Produce an exact transcription of the listing below, omitting the pictures.

★ ★ ★ ★ ★ ★ ★

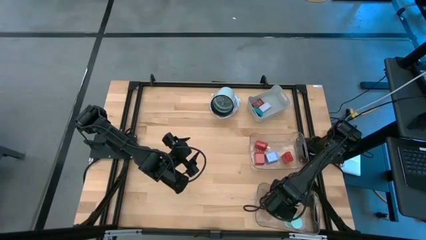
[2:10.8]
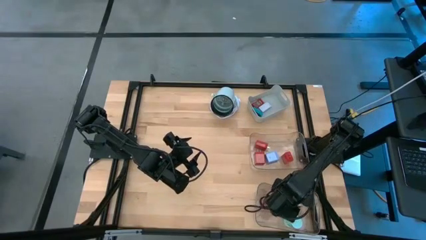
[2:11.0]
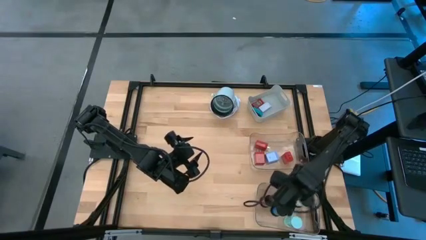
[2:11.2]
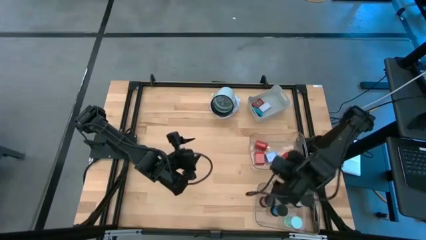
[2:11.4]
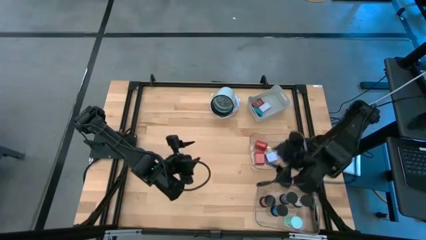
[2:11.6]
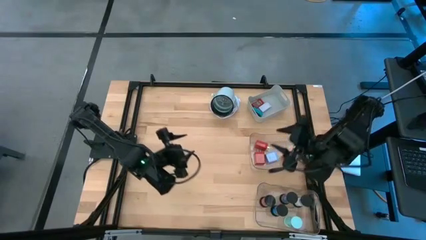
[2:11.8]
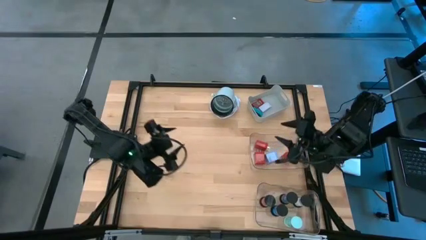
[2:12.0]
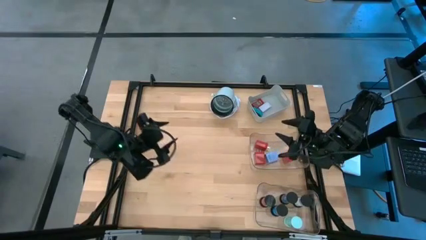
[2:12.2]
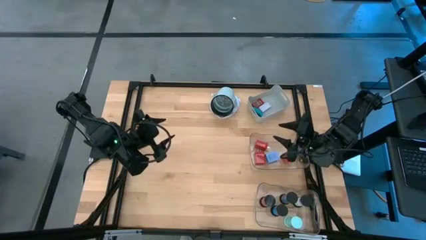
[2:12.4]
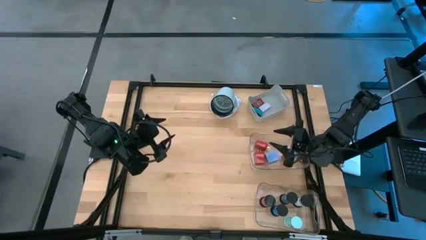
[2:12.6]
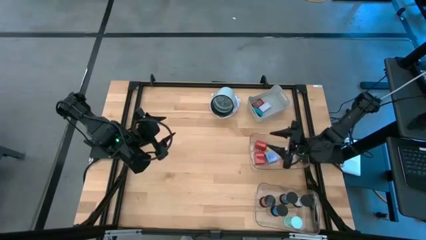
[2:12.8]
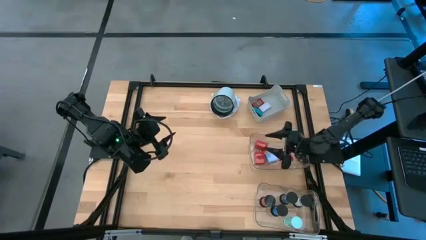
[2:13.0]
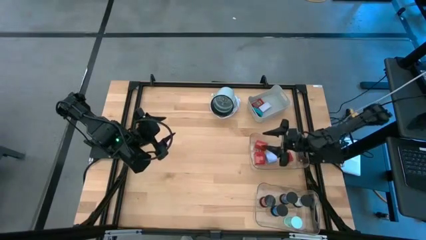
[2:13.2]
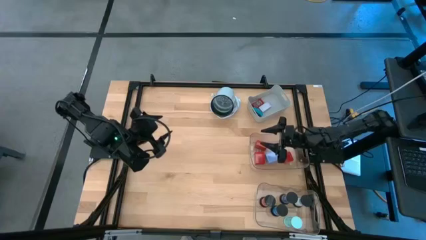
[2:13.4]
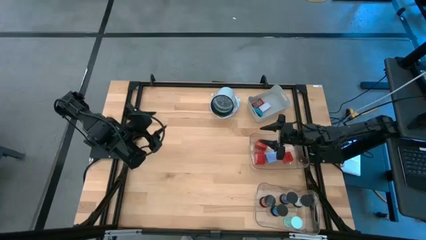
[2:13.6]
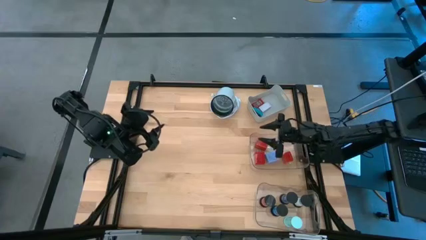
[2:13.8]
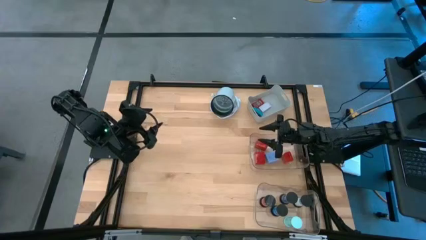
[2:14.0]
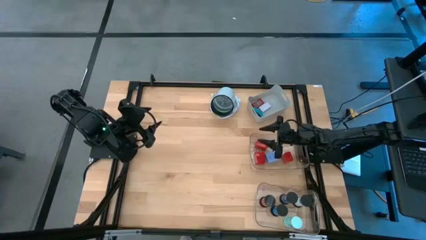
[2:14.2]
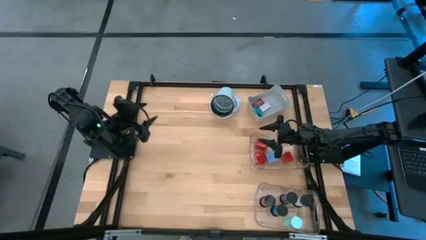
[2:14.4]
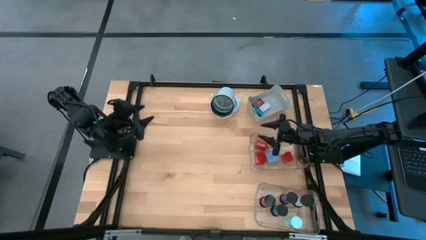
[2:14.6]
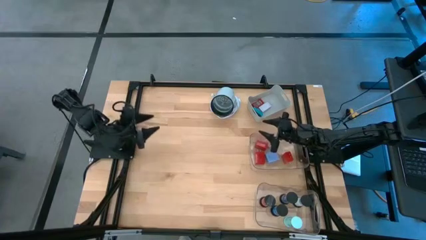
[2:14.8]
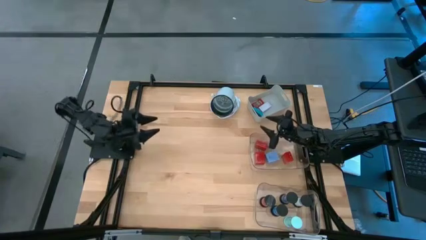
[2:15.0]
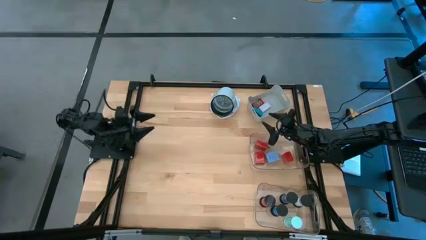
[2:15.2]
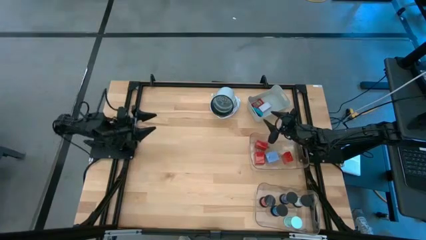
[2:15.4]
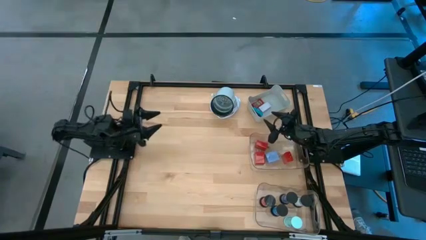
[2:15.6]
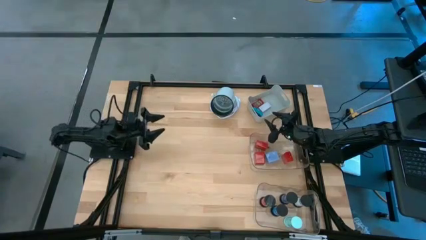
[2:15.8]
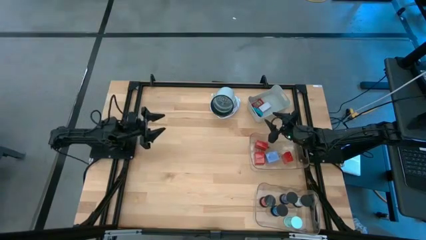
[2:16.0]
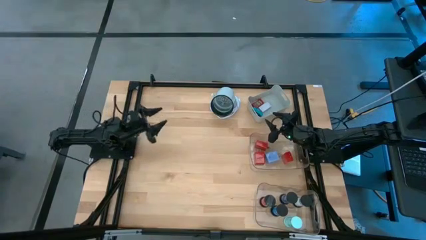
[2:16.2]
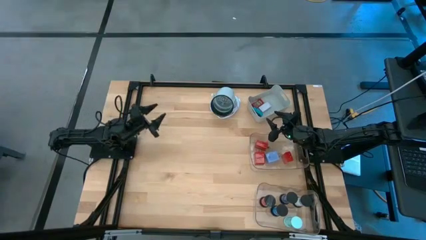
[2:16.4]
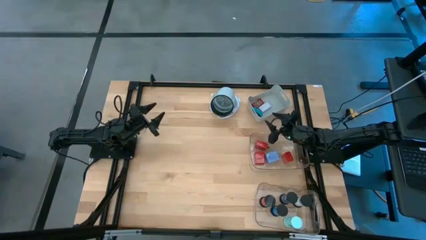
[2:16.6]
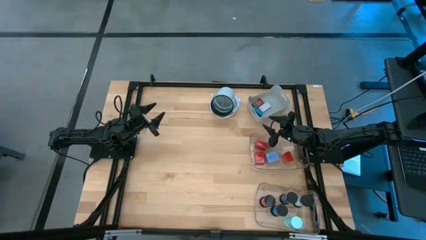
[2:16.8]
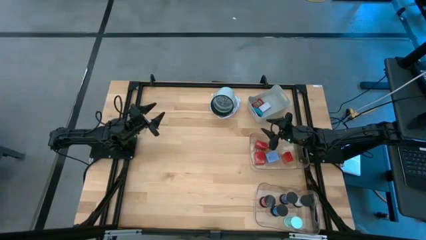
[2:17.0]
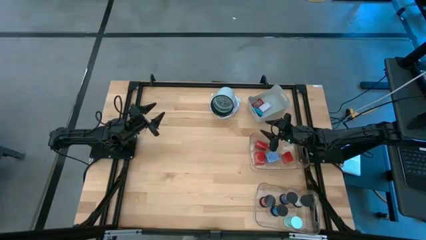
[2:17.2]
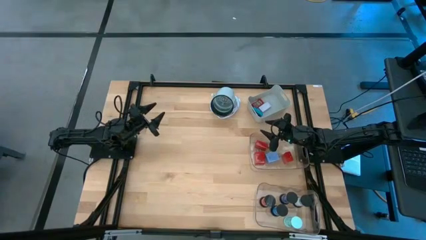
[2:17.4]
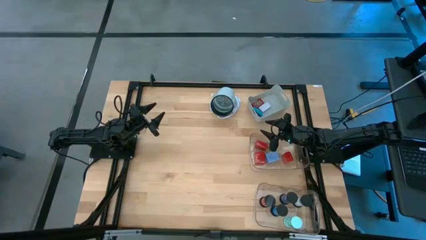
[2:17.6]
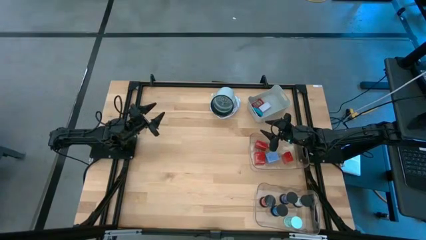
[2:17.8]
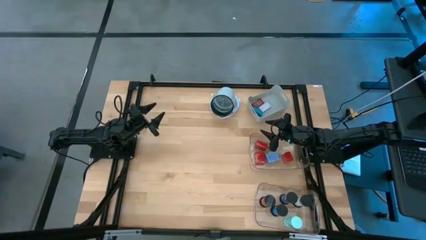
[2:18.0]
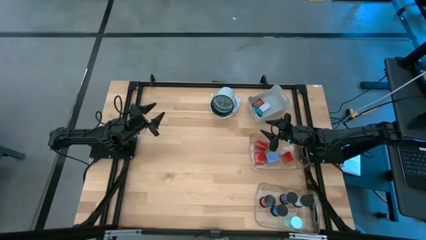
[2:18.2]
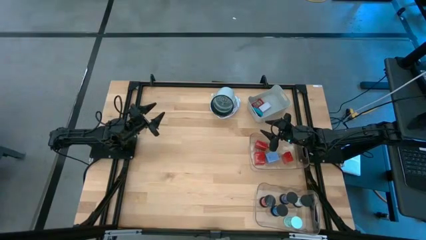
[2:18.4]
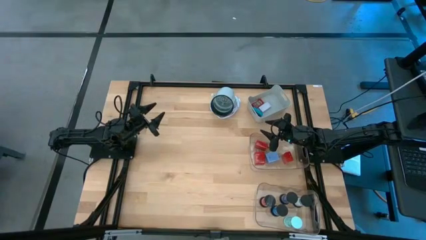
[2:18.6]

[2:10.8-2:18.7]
Task: Pick & Place Office items
Return to Home Position

★ ★ ★ ★ ★ ★ ★

▶ Answer space
[2:10.8]
[2:11.0]
[2:11.2]
[2:11.4]
[2:11.6]
[2:11.8]
[2:12.0]
[2:12.2]
[2:12.4]
[2:12.6]
[2:12.8]
[2:13.0]
[2:13.2]
[2:13.4]
[2:13.6]
[2:13.8]
[2:14.0]
[2:14.2]
[2:14.4]
[2:14.6]
[2:14.8]
[2:15.0]
[2:15.2]
[2:15.4]
[2:15.6]
[2:15.8]
[2:16.0]
[2:16.2]
[2:16.4]
[2:16.6]
[2:16.8]
[2:17.0]
[2:17.2]
[2:17.4]
[2:17.6]
[2:17.8]
[2:18.0]
[2:18.2]
[2:18.4]
[2:18.6]

[2:10.8-2:18.7]
Task: Pick & Place Office items
Return to Home Position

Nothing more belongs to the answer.